Hi Everyone,

I am new to this website and wanted to introduce myself. I am 24 years old and this past February I noticed a spot on the back right side of my tongue, which had appeared overnight. I waited 2 weeks and it did not heal so I went to see my dentist. He gave me antibiotics and laughed when I asked if it could be cancer. Needless to say, I didn't return to the dentist. Instead I found an ENT and, after being subjected to all different types of rinses and medications I turned out to be allergic to, I demanded a biopsy. He too told me not to worry and that it was most likely nothing. At the end of March, I went to get my results alone, hoping my gut feeling was wrong and that it was nothing. That's when the shocked ENT told me it was cancer. I was completely terrified.

In the weeks that followed my parents and I met with different doctors and I had my very first PET scan, which was clear with the exception of the spot on my tongue. I had surgery at the end of April to remove the tumor as well as a bunch of lymph nodes on the right side of my neck. The margins were clear and all of the lymph nodes tested negative for cancer! I did not have to have any follow up chemo/radiation.

Now here I am 4 months later and I just had my first PET scan following surgery. Everything was clear EXCEPT I have a small light up near the surgical clips in my tongue. My doctor said this is common and it happens a lot. No mass can be seen and it is most likely irritation from surgery. However in order to be 1000% and just to give us all peace of mind (me mostly) he is going to do a biopsy.

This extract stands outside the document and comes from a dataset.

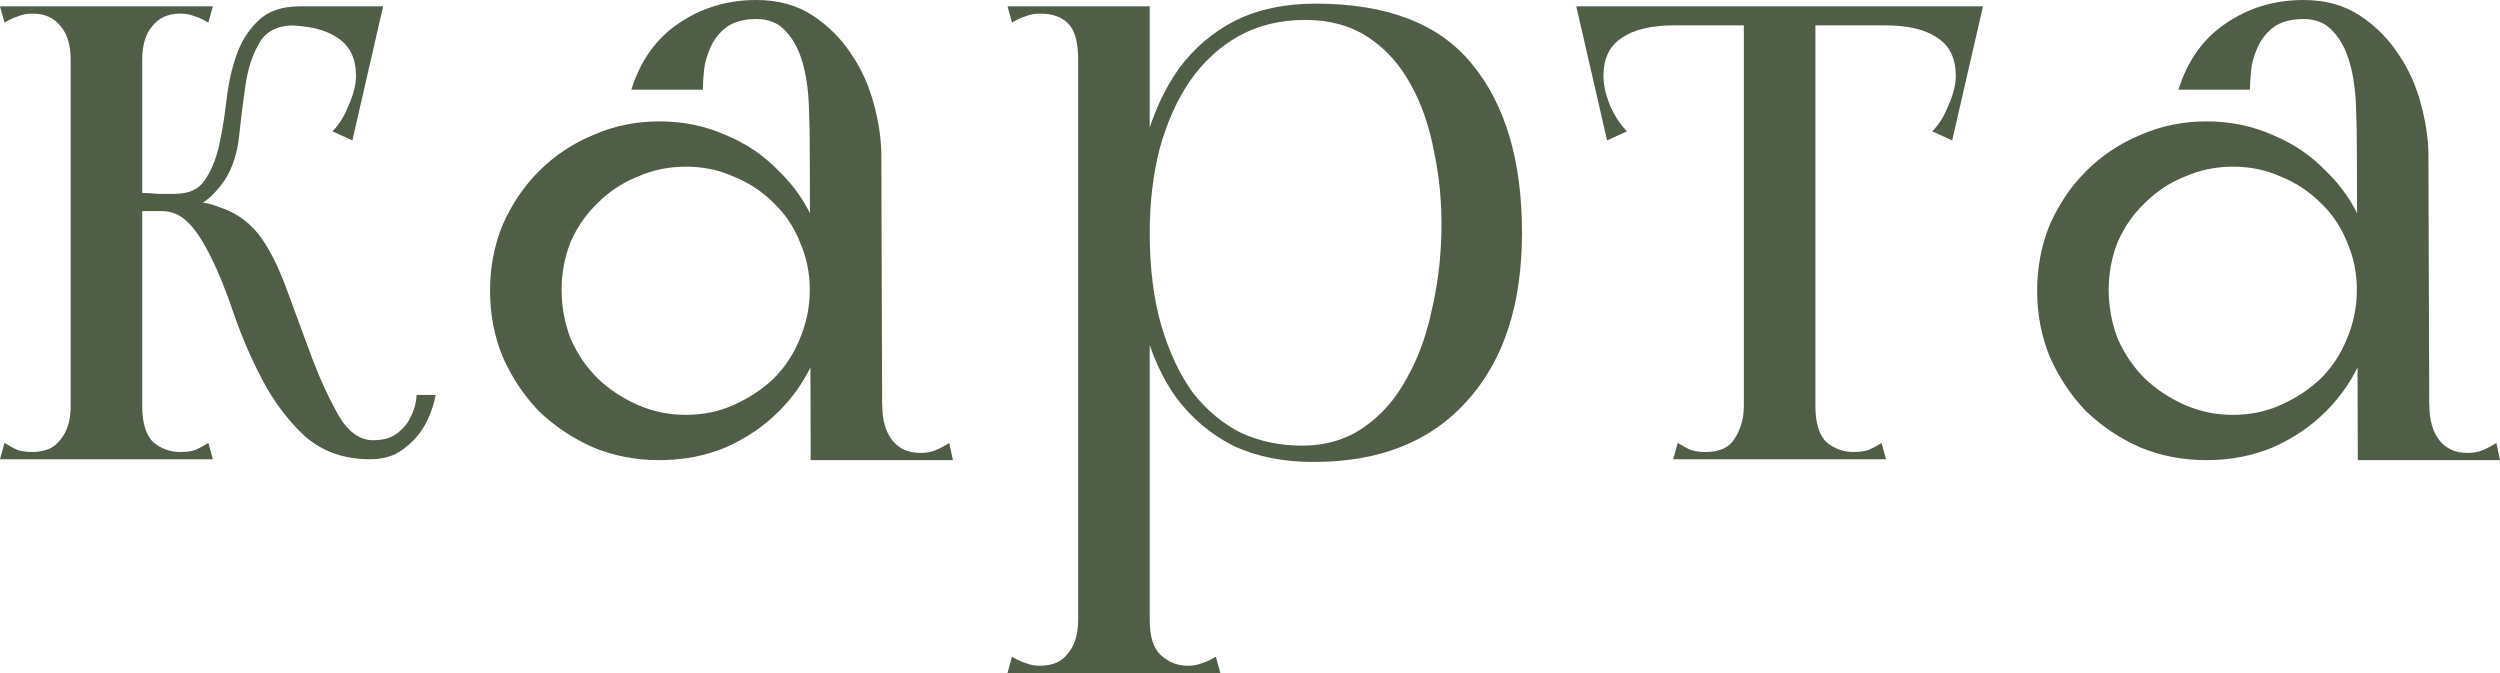 <?xml version="1.0" encoding="UTF-8"?> <svg xmlns="http://www.w3.org/2000/svg" viewBox="0 0 38.64 10.402" fill="none"><path d="M4.634 0.098H5.922L5.446 2.17L5.138 2.03C5.241 1.927 5.325 1.792 5.39 1.624C5.465 1.456 5.502 1.307 5.502 1.176C5.502 0.905 5.409 0.709 5.222 0.588C5.035 0.457 4.765 0.392 4.41 0.392L4.634 0.098ZM1.974 2.968C2.049 2.977 2.123 2.982 2.198 2.982C2.273 2.982 2.352 2.987 2.436 2.996C2.52 2.996 2.609 2.996 2.702 2.996C2.917 2.996 3.071 2.926 3.164 2.786C3.267 2.637 3.341 2.455 3.388 2.24C3.435 2.025 3.472 1.797 3.5 1.554C3.528 1.302 3.579 1.069 3.654 0.854C3.729 0.639 3.841 0.462 3.99 0.322C4.139 0.173 4.354 0.098 4.634 0.098C4.662 0.098 4.671 0.117 4.662 0.154C4.662 0.182 4.653 0.215 4.634 0.252C4.615 0.28 4.597 0.313 4.578 0.35C4.559 0.378 4.55 0.392 4.55 0.392C4.289 0.392 4.107 0.485 4.004 0.672C3.901 0.849 3.831 1.064 3.794 1.316C3.757 1.568 3.724 1.829 3.696 2.1C3.668 2.371 3.593 2.599 3.472 2.786C3.341 2.973 3.211 3.099 3.08 3.164C2.949 3.229 2.823 3.262 2.702 3.262H1.974V2.968ZM1.092 7.098V0.098H2.198V7.098H1.092ZM0.07 0.35L0 0.098H2.198C2.17 0.154 2.151 0.196 2.142 0.224C2.142 0.252 2.142 0.294 2.142 0.35C2.151 0.397 2.161 0.462 2.17 0.546C2.189 0.63 2.198 0.756 2.198 0.924C2.198 0.961 2.137 0.989 2.016 1.008C1.904 1.027 1.778 1.036 1.638 1.036C1.507 1.036 1.381 1.027 1.26 1.008C1.148 0.989 1.092 0.961 1.092 0.924C1.092 0.7 1.041 0.527 0.938 0.406C0.835 0.275 0.691 0.21 0.504 0.21C0.42 0.21 0.345 0.224 0.28 0.252C0.215 0.271 0.145 0.303 0.07 0.35ZM0 7.098L0.07 6.846C0.145 6.893 0.215 6.93 0.28 6.958C0.345 6.977 0.42 6.986 0.504 6.986C0.588 6.986 0.667 6.972 0.742 6.944C0.817 6.916 0.882 6.865 0.938 6.79C0.985 6.734 1.022 6.664 1.05 6.58C1.078 6.496 1.092 6.393 1.092 6.272C1.092 6.141 1.143 6.085 1.246 6.104C1.358 6.123 1.489 6.155 1.638 6.202C1.797 6.155 1.927 6.123 2.03 6.104C2.142 6.085 2.198 6.141 2.198 6.272C2.198 6.533 2.254 6.72 2.366 6.832C2.487 6.935 2.627 6.986 2.786 6.986C2.87 6.986 2.945 6.977 3.01 6.958C3.075 6.93 3.145 6.893 3.22 6.846L3.29 7.098H0ZM3.22 0.35C3.145 0.303 3.075 0.271 3.01 0.252C2.945 0.224 2.87 0.21 2.786 0.21C2.599 0.21 2.455 0.275 2.352 0.406C2.249 0.527 2.198 0.7 2.198 0.924C2.198 0.961 2.137 0.989 2.016 1.008C1.904 1.027 1.778 1.036 1.638 1.036C1.507 1.036 1.381 1.027 1.26 1.008C1.148 0.989 1.092 0.961 1.092 0.924C1.092 0.756 1.097 0.63 1.106 0.546C1.125 0.462 1.134 0.397 1.134 0.35C1.143 0.294 1.143 0.252 1.134 0.224C1.134 0.196 1.12 0.154 1.092 0.098H3.29L3.22 0.35ZM3.052 3.122C3.061 3.122 3.099 3.127 3.164 3.136C3.229 3.145 3.309 3.169 3.402 3.206C3.495 3.234 3.593 3.281 3.696 3.346C3.799 3.411 3.897 3.5 3.99 3.612C4.149 3.817 4.293 4.097 4.424 4.452C4.555 4.807 4.685 5.161 4.816 5.516C4.947 5.861 5.087 6.165 5.236 6.426C5.385 6.678 5.563 6.804 5.768 6.804C5.927 6.804 6.053 6.767 6.146 6.692C6.239 6.617 6.305 6.538 6.342 6.454C6.398 6.351 6.431 6.235 6.44 6.104H6.734C6.697 6.291 6.636 6.454 6.552 6.594C6.477 6.725 6.37 6.841 6.23 6.944C6.099 7.047 5.927 7.098 5.712 7.098C5.32 7.098 4.989 6.981 4.718 6.748C4.457 6.505 4.237 6.216 4.06 5.88C3.883 5.544 3.733 5.199 3.612 4.844C3.491 4.489 3.374 4.2 3.262 3.976C3.131 3.715 3.01 3.533 2.898 3.43C2.786 3.318 2.651 3.262 2.492 3.262C2.445 3.262 2.445 3.257 2.492 3.248C2.548 3.229 2.618 3.211 2.702 3.192C2.795 3.173 2.912 3.15 3.052 3.122Z" fill="#505E47"></path><path d="M10.864 1.386H9.758C9.898 0.938 10.141 0.597 10.486 0.364C10.841 0.121 11.242 0 11.69 0C12.026 0 12.316 0.079 12.558 0.238C12.801 0.397 13.002 0.597 13.16 0.84C13.319 1.073 13.436 1.335 13.51 1.624C13.585 1.904 13.622 2.165 13.622 2.408C13.622 2.464 13.562 2.543 13.44 2.646C13.328 2.739 13.202 2.809 13.062 2.856C12.932 2.903 12.806 2.898 12.684 2.842C12.572 2.786 12.516 2.632 12.516 2.38C12.516 2.128 12.512 1.881 12.502 1.638C12.493 1.386 12.46 1.162 12.404 0.966C12.348 0.77 12.264 0.611 12.152 0.49C12.04 0.359 11.886 0.294 11.69 0.294C11.522 0.294 11.382 0.327 11.27 0.392C11.168 0.457 11.084 0.546 11.018 0.658C10.962 0.761 10.92 0.877 10.892 1.008C10.874 1.139 10.864 1.265 10.864 1.386ZM13.062 7.112L13.006 6.188C13.165 6.141 13.31 6.109 13.44 6.09C13.571 6.071 13.636 6.127 13.636 6.258C13.636 6.491 13.688 6.673 13.79 6.804C13.893 6.935 14.038 7 14.224 7C14.318 7 14.397 6.986 14.462 6.958C14.528 6.93 14.598 6.893 14.672 6.846L14.728 7.112H13.062ZM12.53 7.112V7.014L12.516 2.38L13.622 2.408L13.636 6.86V7.112H12.53ZM7.574 4.494C7.574 4.13 7.64 3.789 7.77 3.472C7.91 3.155 8.097 2.879 8.33 2.646C8.573 2.403 8.853 2.217 9.17 2.086C9.488 1.946 9.828 1.876 10.192 1.876C10.556 1.876 10.897 1.946 11.214 2.086C11.532 2.217 11.807 2.403 12.04 2.646C12.283 2.879 12.47 3.155 12.6 3.472C12.74 3.789 12.81 4.13 12.81 4.494C12.81 4.858 12.74 5.199 12.6 5.516C12.47 5.833 12.283 6.113 12.04 6.356C11.807 6.589 11.532 6.776 11.214 6.916C10.897 7.047 10.556 7.112 10.192 7.112C9.828 7.112 9.488 7.047 9.17 6.916C8.853 6.776 8.573 6.589 8.33 6.356C8.097 6.113 7.91 5.833 7.77 5.516C7.64 5.199 7.574 4.858 7.574 4.494ZM8.68 4.48C8.68 4.741 8.727 4.993 8.82 5.236C8.923 5.469 9.063 5.675 9.24 5.852C9.418 6.02 9.623 6.155 9.856 6.258C10.09 6.361 10.337 6.412 10.598 6.412C10.869 6.412 11.116 6.361 11.34 6.258C11.574 6.155 11.779 6.02 11.956 5.852C12.134 5.675 12.269 5.469 12.362 5.236C12.465 4.993 12.516 4.741 12.516 4.48C12.516 4.219 12.465 3.971 12.362 3.738C12.269 3.505 12.134 3.304 11.956 3.136C11.779 2.959 11.574 2.823 11.34 2.73C11.116 2.627 10.869 2.576 10.598 2.576C10.337 2.576 10.09 2.627 9.856 2.73C9.623 2.823 9.418 2.959 9.24 3.136C9.063 3.304 8.923 3.505 8.82 3.738C8.727 3.971 8.68 4.219 8.68 4.48Z" fill="#505E47"></path><path d="M16.664 10.402V0.098H17.77V10.402H16.664ZM15.642 0.35L15.572 0.098H17.77V0.924H16.664C16.664 0.653 16.613 0.467 16.51 0.364C16.408 0.261 16.263 0.21 16.076 0.21C15.992 0.21 15.918 0.224 15.852 0.252C15.787 0.271 15.717 0.303 15.642 0.35ZM15.572 10.402L15.642 10.15C15.717 10.197 15.787 10.229 15.852 10.248C15.918 10.276 15.992 10.29 16.076 10.29C16.16 10.29 16.24 10.276 16.314 10.248C16.389 10.22 16.454 10.169 16.51 10.094C16.557 10.038 16.594 9.968 16.622 9.884C16.65 9.8 16.664 9.697 16.664 9.576C16.664 9.445 16.716 9.389 16.818 9.408C16.93 9.427 17.061 9.459 17.21 9.506C17.369 9.459 17.5 9.427 17.602 9.408C17.714 9.389 17.77 9.445 17.77 9.576C17.77 9.837 17.826 10.019 17.938 10.122C18.06 10.234 18.2 10.29 18.358 10.29C18.442 10.29 18.517 10.276 18.582 10.248C18.648 10.229 18.718 10.197 18.792 10.15L18.862 10.402H15.572ZM20.332 0.056C21.443 0.056 22.25 0.369 22.754 0.994C23.268 1.619 23.524 2.487 23.524 3.598C23.524 4.709 23.24 5.577 22.67 6.202C22.11 6.827 21.322 7.14 20.304 7.14C19.828 7.14 19.413 7.056 19.058 6.888C18.713 6.711 18.424 6.468 18.19 6.16C17.966 5.852 17.798 5.483 17.686 5.054C17.584 4.615 17.532 4.13 17.532 3.598C17.532 3.094 17.588 2.627 17.7 2.198C17.822 1.759 17.994 1.381 18.218 1.064C18.452 0.747 18.741 0.499 19.086 0.322C19.441 0.145 19.856 0.056 20.332 0.056ZM20.178 0.308C19.786 0.308 19.441 0.392 19.142 0.56C18.844 0.728 18.592 0.961 18.386 1.26C18.19 1.549 18.036 1.895 17.924 2.296C17.822 2.697 17.77 3.131 17.77 3.598C17.77 4.149 17.831 4.629 17.952 5.04C18.074 5.451 18.237 5.796 18.442 6.076C18.657 6.347 18.904 6.552 19.184 6.692C19.474 6.823 19.786 6.888 20.122 6.888C20.486 6.888 20.804 6.795 21.074 6.608C21.345 6.421 21.564 6.174 21.732 5.866C21.91 5.558 22.04 5.208 22.124 4.816C22.218 4.424 22.269 4.018 22.278 3.598C22.288 3.159 22.25 2.744 22.166 2.352C22.092 1.951 21.97 1.601 21.802 1.302C21.634 0.994 21.415 0.751 21.144 0.574C20.874 0.397 20.552 0.308 20.178 0.308Z" fill="#505E47"></path><path d="M24.531 0.392V0.098H30.481V0.392H24.531ZM25.455 0.098L25.875 0.392C25.521 0.392 25.25 0.457 25.063 0.588C24.877 0.709 24.783 0.905 24.783 1.176C24.783 1.307 24.816 1.456 24.881 1.624C24.956 1.792 25.045 1.927 25.147 2.03L24.839 2.17L24.363 0.098H25.455ZM29.557 0.098H30.649L30.173 2.17L29.865 2.03C29.968 1.927 30.052 1.792 30.117 1.624C30.192 1.456 30.229 1.307 30.229 1.176C30.229 0.905 30.136 0.709 29.949 0.588C29.763 0.457 29.492 0.392 29.137 0.392L29.557 0.098ZM26.953 7.098V0.126H28.059V7.098H26.953ZM25.861 7.098L25.931 6.846C26.006 6.893 26.076 6.93 26.141 6.958C26.207 6.977 26.281 6.986 26.365 6.986C26.58 6.986 26.729 6.916 26.813 6.776C26.907 6.627 26.953 6.459 26.953 6.272C26.953 6.141 27.005 6.085 27.107 6.104C27.219 6.123 27.35 6.155 27.499 6.202C27.658 6.155 27.789 6.123 27.891 6.104C28.003 6.085 28.059 6.141 28.059 6.272C28.059 6.533 28.115 6.72 28.227 6.832C28.349 6.935 28.489 6.986 28.647 6.986C28.731 6.986 28.806 6.977 28.871 6.958C28.937 6.93 29.007 6.893 29.081 6.846L29.151 7.098H25.861Z" fill="#505E47"></path><path d="M34.776 1.386H33.67C33.81 0.938 34.053 0.597 34.398 0.364C34.753 0.121 35.154 0 35.602 0C35.938 0 36.228 0.079 36.47 0.238C36.713 0.397 36.914 0.597 37.072 0.84C37.231 1.073 37.348 1.335 37.422 1.624C37.497 1.904 37.534 2.165 37.534 2.408C37.534 2.464 37.474 2.543 37.352 2.646C37.24 2.739 37.114 2.809 36.974 2.856C36.844 2.903 36.718 2.898 36.596 2.842C36.484 2.786 36.428 2.632 36.428 2.38C36.428 2.128 36.424 1.881 36.414 1.638C36.405 1.386 36.372 1.162 36.316 0.966C36.26 0.77 36.176 0.611 36.064 0.49C35.952 0.359 35.798 0.294 35.602 0.294C35.434 0.294 35.294 0.327 35.182 0.392C35.08 0.457 34.996 0.546 34.93 0.658C34.874 0.761 34.832 0.877 34.804 1.008C34.786 1.139 34.776 1.265 34.776 1.386ZM36.974 7.112L36.918 6.188C37.077 6.141 37.222 6.109 37.352 6.09C37.483 6.071 37.548 6.127 37.548 6.258C37.548 6.491 37.6 6.673 37.702 6.804C37.805 6.935 37.95 7 38.136 7C38.23 7 38.309 6.986 38.374 6.958C38.44 6.93 38.51 6.893 38.584 6.846L38.64 7.112H36.974ZM36.442 7.112V7.014L36.428 2.38L37.534 2.408L37.548 6.86V7.112H36.442ZM31.486 4.494C31.486 4.13 31.552 3.789 31.682 3.472C31.822 3.155 32.009 2.879 32.242 2.646C32.485 2.403 32.765 2.217 33.082 2.086C33.4 1.946 33.74 1.876 34.104 1.876C34.468 1.876 34.809 1.946 35.126 2.086C35.444 2.217 35.719 2.403 35.952 2.646C36.195 2.879 36.382 3.155 36.512 3.472C36.652 3.789 36.722 4.13 36.722 4.494C36.722 4.858 36.652 5.199 36.512 5.516C36.382 5.833 36.195 6.113 35.952 6.356C35.719 6.589 35.444 6.776 35.126 6.916C34.809 7.047 34.468 7.112 34.104 7.112C33.74 7.112 33.4 7.047 33.082 6.916C32.765 6.776 32.485 6.589 32.242 6.356C32.009 6.113 31.822 5.833 31.682 5.516C31.552 5.199 31.486 4.858 31.486 4.494ZM32.592 4.48C32.592 4.741 32.639 4.993 32.732 5.236C32.835 5.469 32.975 5.675 33.152 5.852C33.33 6.02 33.535 6.155 33.768 6.258C34.002 6.361 34.249 6.412 34.51 6.412C34.781 6.412 35.028 6.361 35.252 6.258C35.486 6.155 35.691 6.02 35.868 5.852C36.046 5.675 36.181 5.469 36.274 5.236C36.377 4.993 36.428 4.741 36.428 4.48C36.428 4.219 36.377 3.971 36.274 3.738C36.181 3.505 36.046 3.304 35.868 3.136C35.691 2.959 35.486 2.823 35.252 2.73C35.028 2.627 34.781 2.576 34.51 2.576C34.249 2.576 34.002 2.627 33.768 2.73C33.535 2.823 33.33 2.959 33.152 3.136C32.975 3.304 32.835 3.505 32.732 3.738C32.639 3.971 32.592 4.219 32.592 4.48Z" fill="#505E47"></path></svg>

I am freaking out. I know I got off easy since this was found very early and I didn't have to go through not even a quarter that most do, but I can't shake the constant fear of recurrence. Anyone have any tips? My doctor seems confident that I will be here until I am old and gray so I really need to stop obsessing. This is difficult since my OCD is the only reason the cancer was found in the first place. I am not about to let fear control my life!

I could say I'm 24 why me...but I'm not one for pity. Why me, why you, why children, why anyone?

And so is life!

I look forward to getting to hearing from you smile

-Katie


Cancer found on back right side of my tongue in March 2013. Non-smoker and very light drinker. Tumor removed, reconstruction & partial neck dissection in April 2013. Stage 1. No chemo & no radiation.